Although uncertainties about future
climate change exist, both in the magnitude of future greenhouse gas emissions and in modelling the complex climate system, recent scientific advances have allowed scenarios to be developed at a scale suitable
for investigating future regional climates and
impacts. For example, the UKCIP02 scenarios,
developed by the Hadley Centre for Climate
Change and the Tyndall Centre for Climate
Change Research for the UK Climate Impacts Programme (UKCIP), are the most up to date, detailed and reliable scenarios available in the UK (Hulme et al, 2002). The UKCIP02 scenarios report is widely referenced. The
underlying data are used to support ongoing research into climate change im-pacts and
adaptation options, ultimately contributing to better informed decision-making across a wide range of sectors (for example, for
the tourism sector, see: McEvoy et al., submitted).
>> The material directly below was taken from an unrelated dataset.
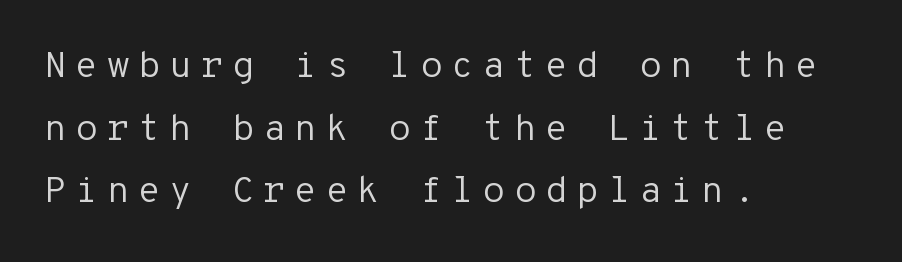
Does the type have serifs? No, each stem ends abruptly. The strip under each line holds only bare page. Ink coverage per letter is moderate at most. A typesetter would call this leading conventional body-copy spacing. Note the uniform advance width — an 'i' takes as much space as an 'm'.

UKCIP have also developed an
accompanying portfolio of tools, including a framework to support decision-making under
conditions of risk and uncertainty (Willows and Connell, 2003).
The UKCIP02 scenarios indicate that
changes to our climate will start to become
evident by the 2050s, with significant changes occurring by the 2080s. These time scales are seldom in the direct vision of most policy makers: even regional spatial strategies, for
example, which are charged with considering longer-term spatial planning issues in England, currently deal with forward horizons of only 15-20 years. However, it is increasingly recognized that we need to prepare for the
longer-term consequences of climate change.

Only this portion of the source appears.